About this exercise: Without the pictures, give the records again exactly as they appear.

Records to use:
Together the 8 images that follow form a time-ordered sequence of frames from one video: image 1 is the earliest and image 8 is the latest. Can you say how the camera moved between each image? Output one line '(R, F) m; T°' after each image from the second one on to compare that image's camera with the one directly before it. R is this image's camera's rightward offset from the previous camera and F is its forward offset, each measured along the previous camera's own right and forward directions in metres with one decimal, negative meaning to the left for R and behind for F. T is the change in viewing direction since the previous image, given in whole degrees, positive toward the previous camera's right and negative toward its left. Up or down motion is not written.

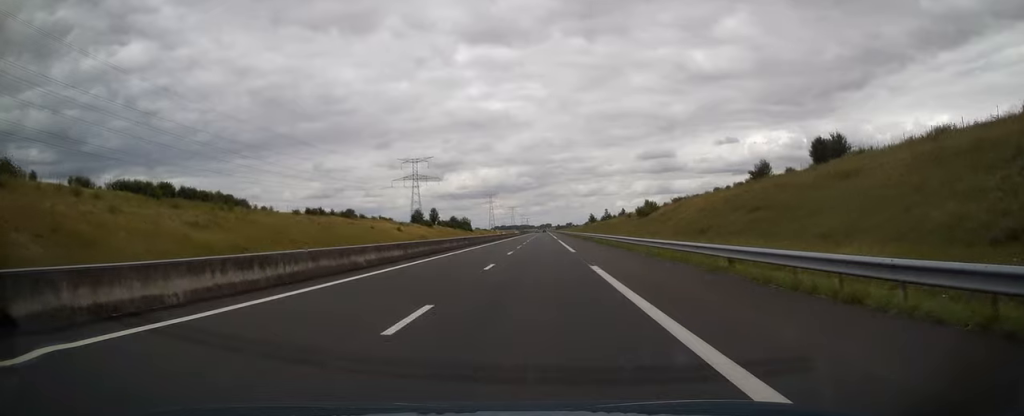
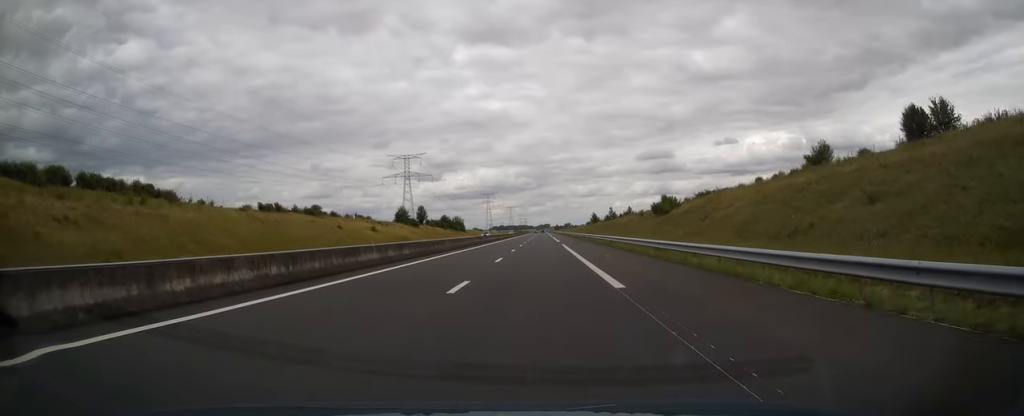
(0.0, +20.5) m; 0°
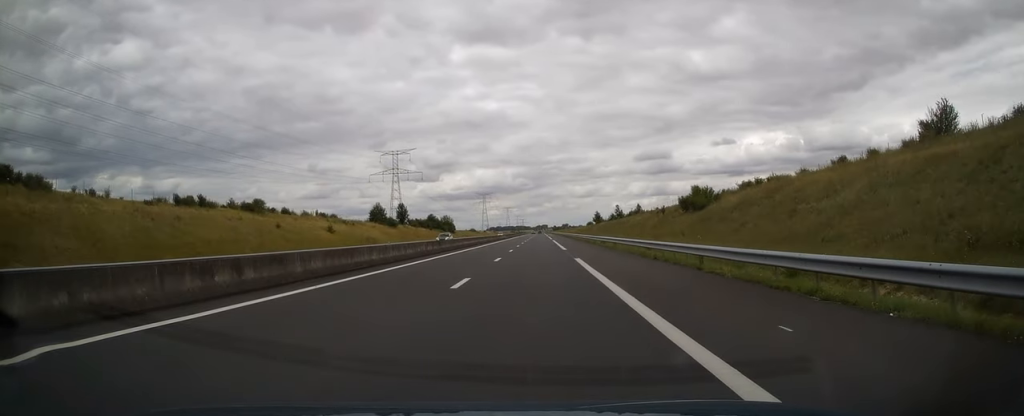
(0.0, +24.4) m; 0°
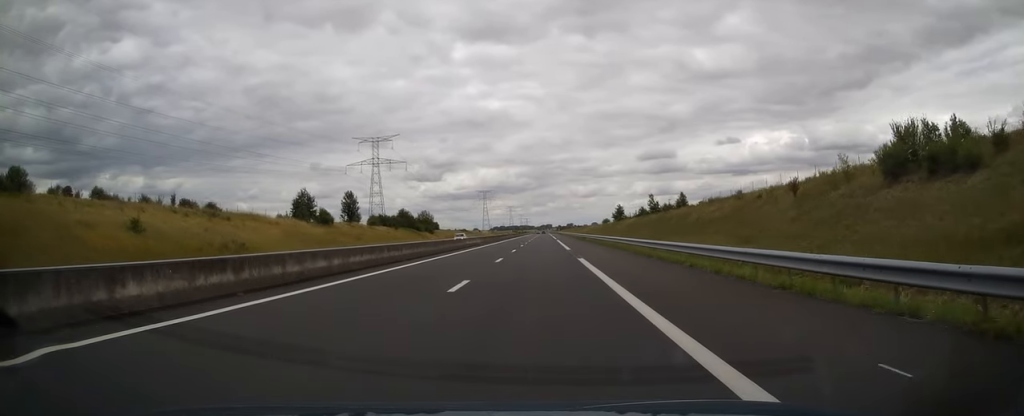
(0.0, +52.3) m; 0°
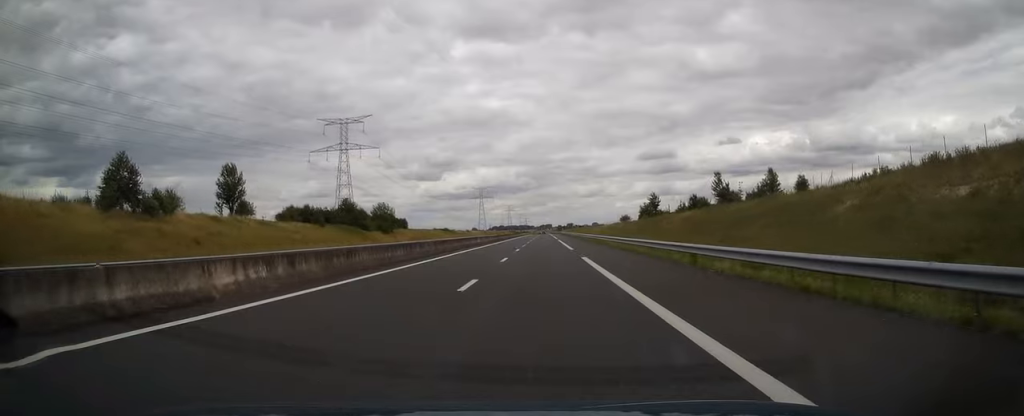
(0.0, +51.4) m; 0°
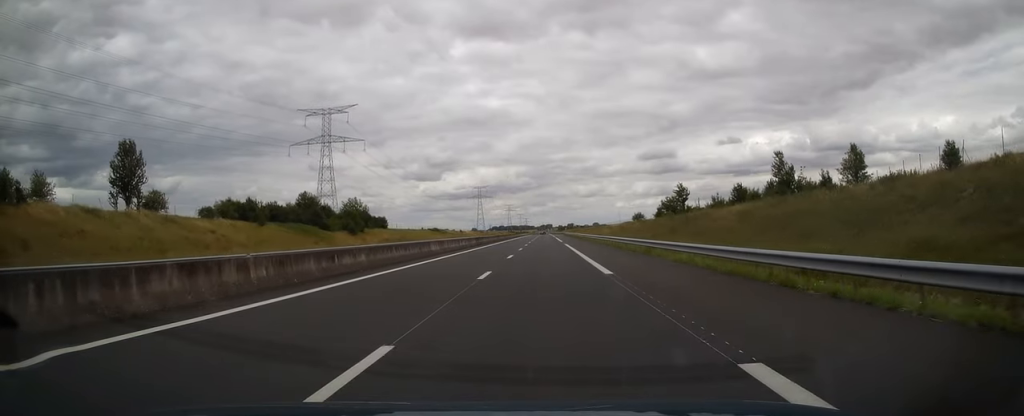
(0.0, +22.5) m; 0°
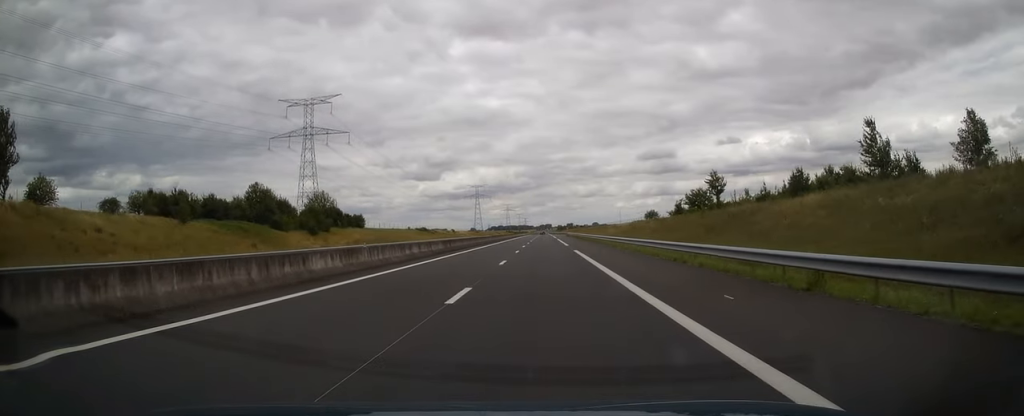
(0.0, +18.6) m; 0°
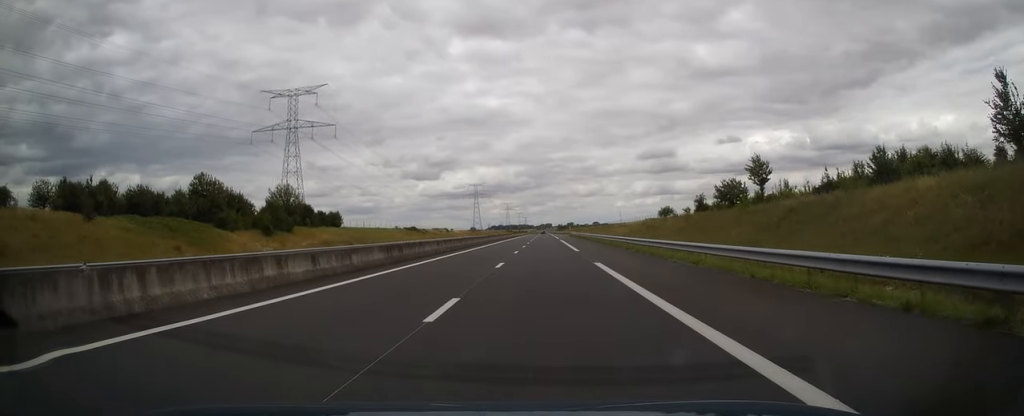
(0.0, +15.1) m; 0°

Output for this task:
Together the 8 images that follow form a time-ordered sequence of frames from one video: image 1 is the earliest and image 8 is the latest. Can you say how the camera moved between each image? Output one line '(R, F) m; T°' after each image from the second one on to compare that image's camera with the one directly before it. R is this image's camera's rightward offset from the previous camera and F is its forward offset, each measured along the previous camera's own right and forward directions in metres with one decimal, negative meaning to the left for R and behind for F. T is the change in viewing direction since the previous image, given in whole degrees, positive toward the previous camera's right and negative toward its left. Up or down motion is not written.

(0.0, +20.5) m; 0°
(0.0, +24.4) m; 0°
(0.0, +52.3) m; 0°
(0.0, +51.4) m; 0°
(0.0, +22.5) m; 0°
(0.0, +18.6) m; 0°
(0.0, +15.1) m; 0°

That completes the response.